He looked up at Stanley, and after a moment, — Yes, he admitted, — the seventy-eighth cantata. His elbow rested on The Moan of the Tiber.

— An aria? Stanley asked to his empty face.

— "We hasten with feeble but diligent footsteps"… a duet, Anselm said vaguely, watching Stanley stir the cold coffee, with a lifeless chill in his eyes. — Sung by women, by women's voices. .

Stanley gasped, lifting the spoon from the coffee cup. — What is it? he whispered, as the thing slipped back into the coffee. He raised it out again.

— Ha, ha, hahaha. .

The alarm clock strung to Mr. Feddle's neck went off.

— What is it? It's a… he held it in the air, unable to move, staring at it.

— You can use it for a bookmark, Stanley. For when you read Malthus. Hahahahaha. . look at what Stanley found in his coffee.

— Anselm, did you. .

— Hahahahahahahahaha

Mr.
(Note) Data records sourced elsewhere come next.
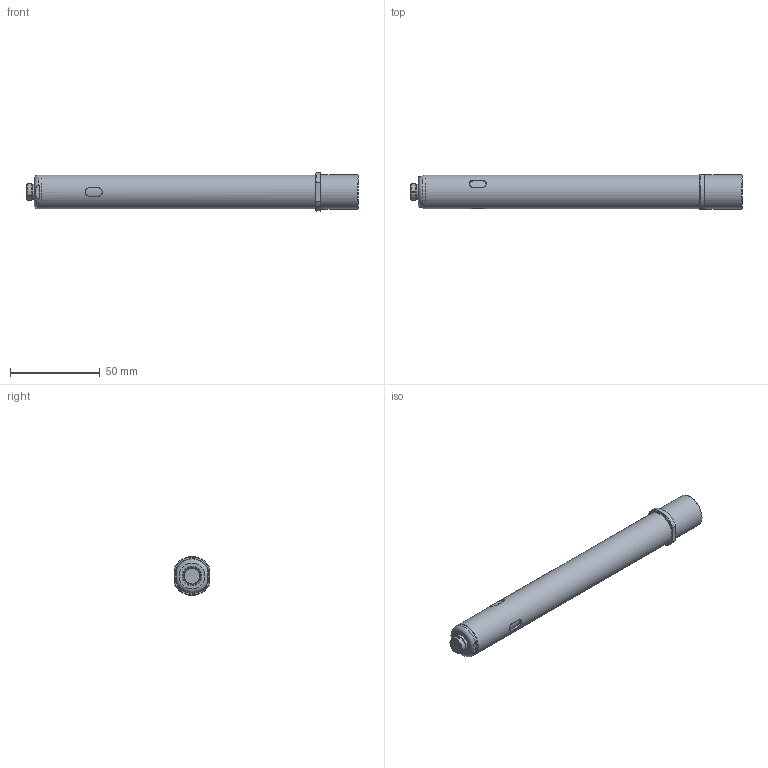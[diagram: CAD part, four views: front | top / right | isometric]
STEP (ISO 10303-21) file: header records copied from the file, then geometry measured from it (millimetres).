
FILE_DESCRIPTION(/* description */ (''),/* implementation_level */ '2;1');
FILE_NAME(/* name */ 'BV4500-118_99-7932-4_clr.stp',/* time_stamp */ '2020-10-08T13:57:01-04:00',/* author */ (''),/* organization */ (''),/* preprocessor_version */ 'ST-DEVELOPER v16.7',/* originating_system */ 'SIEMENS PLM Software NX 1888',/* authorisation */ '');
FILE_SCHEMA (('AUTOMOTIVE_DESIGN { 1 0 10303 214 3 1 1 1 }'));
Length unit declared in the file: inch
Products named in the file (2): 99-7932-4_stp; BV4500-118
Assembly tree (1 placements, depth 2):
  BV4500-118
    99-7932-4_stp
Bounding box: 185.47 x 19.31 x 21.7 mm (x, y, z)
Volume: 51438.5 mm3; surface area: 11811.5 mm2
Topology: 1 solids, 1 shells, 65 faces, 162 edges, 107 vertices
Faces by surface type: plane 27, cylinder 20, cone 10, torus 8
Full cylindrical faces by diameter (mm): 8.837 x1, 18.923 x1, 18.986 x1, 18.999 x1
Entity records: 2324 total; most frequent: CARTESIAN_POINT 874, ORIENTED_EDGE 284, DIRECTION 274, EDGE_CURVE 142, AXIS2_PLACEMENT_3D 109, VERTEX_POINT 99, EDGE_LOOP 85, ADVANCED_FACE 65

Feddle shut the clock off with one hand, finished his beer with the other, bowed to three people, stumbling away from the hollow desperate laughter behind him, out the door where he bumped the man in the checked suit who said, — There, there he goes, out the other door, the side door.

Above emptied streets, the roseate heaving persisted; above bodies contorted with sleep, strewn among the battlements erected in this common war without end, some wrenched as though in the last embrace, spoke with tongues, untended and unattended, extended limbs and members to come up against the thigh of another fallen, and be similarly still, or rise distended to enter the warm nest again and swim in the dark channel, committing the final assault in the anonymity of exhaustion, hearts emptied of prayer. But the blood-luster of the sky witnessed that the battle was not done, though all were slain: it shone like the sky over the Campagna where Attila's Huns met the Romans in engagement so fierce that all were slain in deed, extreme but inconclusive, for their spirits continued the battle three nights and days over the field of unburied dead.

In the bar of a midtown hotel where the rear guard bivouacked among chrome and glass, scarred, alert, at battle stations (for there's no discharge in the war), Otto rested his left arm openly before him, raised one eyebrow, turned his lips down at the corners, flared his nostrils, and paid with a twenty-dollar bill. He spilled his drink. — Better give me another, he said. — Irish.

— You've had enough, Jack.

— Will you give me another drink?

— You've had enough tonight. Go home and sleep it off.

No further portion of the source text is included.